According to the researchers from the Pennsylvania State University, conventional imaging systems that capture spectral and polarization data contain diffractive optics, stacked layers of filters or linear micropolarizer arrays. Those devices detect only linear polarization states over a few wavelength channels. Some researchers have tried to use a metasurface lens or rotating metasurface filters to analyze the incoming light, but these attempts revealed other issues with the methods.

The Penn State metasurface has three different layers of grid organization. At the smallest scale are “meta-atoms,” which lead author Xingjie Ni describes as “the fundamental building block or unit cell of the metasurface.”

“These smallest repeating structures, when arranged in specific patterns, determine the metasurface's overall optical properties,” Ni adds. The team selected 100 patterns from an existing meta-atom library, with an eye toward the patterns’ differing responses to polarization and wavelength. “The more distinct the responses, the better the resolution and the less crosstalk we achieve,” Ni says. Ultimately, the researchers chose “split-ring” and “split-door” designs, which reveal sharp spectral changes from Fano resonances and clearly distinguish between circular polarizations.

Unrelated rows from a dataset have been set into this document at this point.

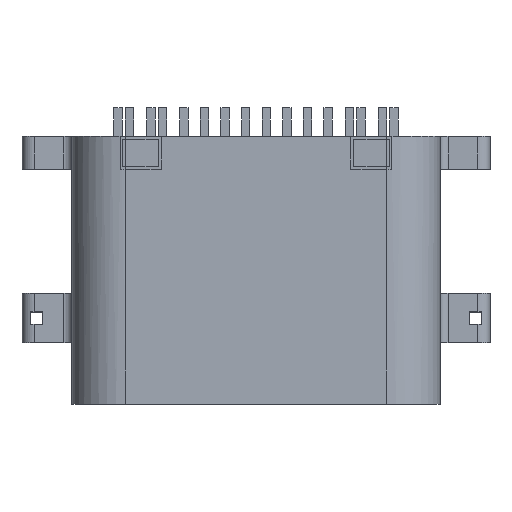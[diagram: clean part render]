
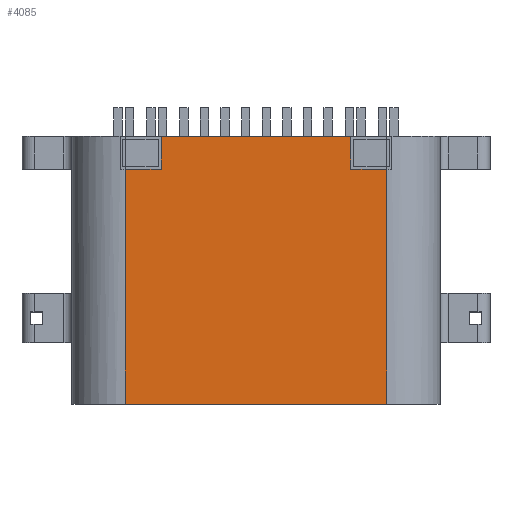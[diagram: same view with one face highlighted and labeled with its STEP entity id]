
A CAD part, top view. The second image highlights one B-rep face of the part: STEP entity #4085.
In plain terms, the highlighted planar face has unit normal (0, 0, 1).
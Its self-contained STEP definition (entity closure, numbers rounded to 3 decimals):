
#2208 = VERTEX_POINT('',#2209);
#2209 = CARTESIAN_POINT('',(3.17,0.,2.46));
#2216 = EDGE_CURVE('',#2208,#2217,#2219,.T.);
#2217 = VERTEX_POINT('',#2218);
#2218 = CARTESIAN_POINT('',(-3.17,0.,2.46));
#2219 = LINE('',#2220,#2221);
#2220 = CARTESIAN_POINT('',(3.17,0.,2.46));
#2221 = VECTOR('',#2222,1.);
#2222 = DIRECTION('',(-1.,0.,0.));
#3148 = VERTEX_POINT('',#3149);
#3149 = CARTESIAN_POINT('',(2.3,6.5,2.46));
#3166 = VERTEX_POINT('',#3167);
#3167 = CARTESIAN_POINT('',(-2.3,6.5,2.46));
#3173 = EDGE_CURVE('',#3148,#3166,#3174,.T.);
#3174 = LINE('',#3175,#3176);
#3175 = CARTESIAN_POINT('',(2.3,6.5,2.46));
#3176 = VECTOR('',#3177,1.);
#3177 = DIRECTION('',(-1.,0.,0.));
#4085 = ADVANCED_FACE('',(#4086),#4134,.T.);
#4086 = FACE_BOUND('',#4087,.T.);
#4087 = EDGE_LOOP('',(#4088,#4096,#4104,#4110,#4111,#4119,#4127,#4133));
#4088 = ORIENTED_EDGE('',*,*,#4089,.T.);
#4089 = EDGE_CURVE('',#3166,#4090,#4092,.T.);
#4090 = VERTEX_POINT('',#4091);
#4091 = CARTESIAN_POINT('',(-2.3,5.7,2.46));
#4092 = LINE('',#4093,#4094);
#4093 = CARTESIAN_POINT('',(-2.3,6.5,2.46));
#4094 = VECTOR('',#4095,1.);
#4095 = DIRECTION('',(0.,-1.,0.));
#4096 = ORIENTED_EDGE('',*,*,#4097,.F.);
#4097 = EDGE_CURVE('',#4098,#4090,#4100,.T.);
#4098 = VERTEX_POINT('',#4099);
#4099 = CARTESIAN_POINT('',(-3.17,5.7,2.46));
#4100 = LINE('',#4101,#4102);
#4101 = CARTESIAN_POINT('',(-3.17,5.7,2.46));
#4102 = VECTOR('',#4103,1.);
#4103 = DIRECTION('',(1.,0.,0.));
#4104 = ORIENTED_EDGE('',*,*,#4105,.F.);
#4105 = EDGE_CURVE('',#2217,#4098,#4106,.T.);
#4106 = LINE('',#4107,#4108);
#4107 = CARTESIAN_POINT('',(-3.17,0.,2.46));
#4108 = VECTOR('',#4109,1.);
#4109 = DIRECTION('',(0.,1.,0.));
#4110 = ORIENTED_EDGE('',*,*,#2216,.F.);
#4111 = ORIENTED_EDGE('',*,*,#4112,.T.);
#4112 = EDGE_CURVE('',#2208,#4113,#4115,.T.);
#4113 = VERTEX_POINT('',#4114);
#4114 = CARTESIAN_POINT('',(3.17,5.7,2.46));
#4115 = LINE('',#4116,#4117);
#4116 = CARTESIAN_POINT('',(3.17,0.,2.46));
#4117 = VECTOR('',#4118,1.);
#4118 = DIRECTION('',(0.,1.,0.));
#4119 = ORIENTED_EDGE('',*,*,#4120,.T.);
#4120 = EDGE_CURVE('',#4113,#4121,#4123,.T.);
#4121 = VERTEX_POINT('',#4122);
#4122 = CARTESIAN_POINT('',(2.3,5.7,2.46));
#4123 = LINE('',#4124,#4125);
#4124 = CARTESIAN_POINT('',(3.17,5.7,2.46));
#4125 = VECTOR('',#4126,1.);
#4126 = DIRECTION('',(-1.,0.,0.));
#4127 = ORIENTED_EDGE('',*,*,#4128,.F.);
#4128 = EDGE_CURVE('',#3148,#4121,#4129,.T.);
#4129 = LINE('',#4130,#4131);
#4130 = CARTESIAN_POINT('',(2.3,6.5,2.46));
#4131 = VECTOR('',#4132,1.);
#4132 = DIRECTION('',(0.,-1.,0.));
#4133 = ORIENTED_EDGE('',*,*,#3173,.T.);
#4134 = PLANE('',#4135);
#4135 = AXIS2_PLACEMENT_3D('',#4136,#4137,#4138);
#4136 = CARTESIAN_POINT('',(3.17,0.,2.46));
#4137 = DIRECTION('',(0.,0.,1.));
#4138 = DIRECTION('',(1.,0.,0.));

Next, the researchers arranged the designs into 100 arrays of meta-atoms, each 9 μm × 9 μm, and then placed the arrays into 90 μm × 90 μm “superpixels.” Finally, the team assembled a grid of 20 × 20 superpixels to make the metasurface. The entire collection was created by etching amorphous silicon on a substrate of indium–tin–oxide glass.

Sorting out the information

The metasurfaces encode the spectral and polarization data into the intensity data that a standard camera picks up, but how does it all get decoded? The team designed training and validation datasets and then taught the machine-learning model with them.

The sequence of images shows that at the shorter wavelengths, the left- and right-circularly polarized images of the beetle’s striped back look different, but the difference between the two polarizations fades out at 890 nm.

As a final demonstration, the researchers performed “hyperspectro-polarization imaging” on a scarab beetle under 750-nm laser illumination. The sequence of images shows that at the shorter wavelengths, the left- and right-circularly polarized images of the beetle’s striped back look different, but the difference between the two polarizations fades out at 890 nm.

“Currently, we are developing other metasurface encoders to capture additional aspects of the light field using standard cameras,” Ni says. “For instance, we are working on a metasurface that can encode the temporal information of incoming light. Before our prototype becomes fully practical, there are still technical challenges to address, such as achieving repeatable integration of the metasurface encoder with the camera sensor and reducing manufacturing costs.”

Possible future applications of the technology, according to Ni, include biomedical imaging and precision agriculture. In the latter, spectral and polarization data from crop imaging could help assess plants’ needs for irrigation and fertilizers.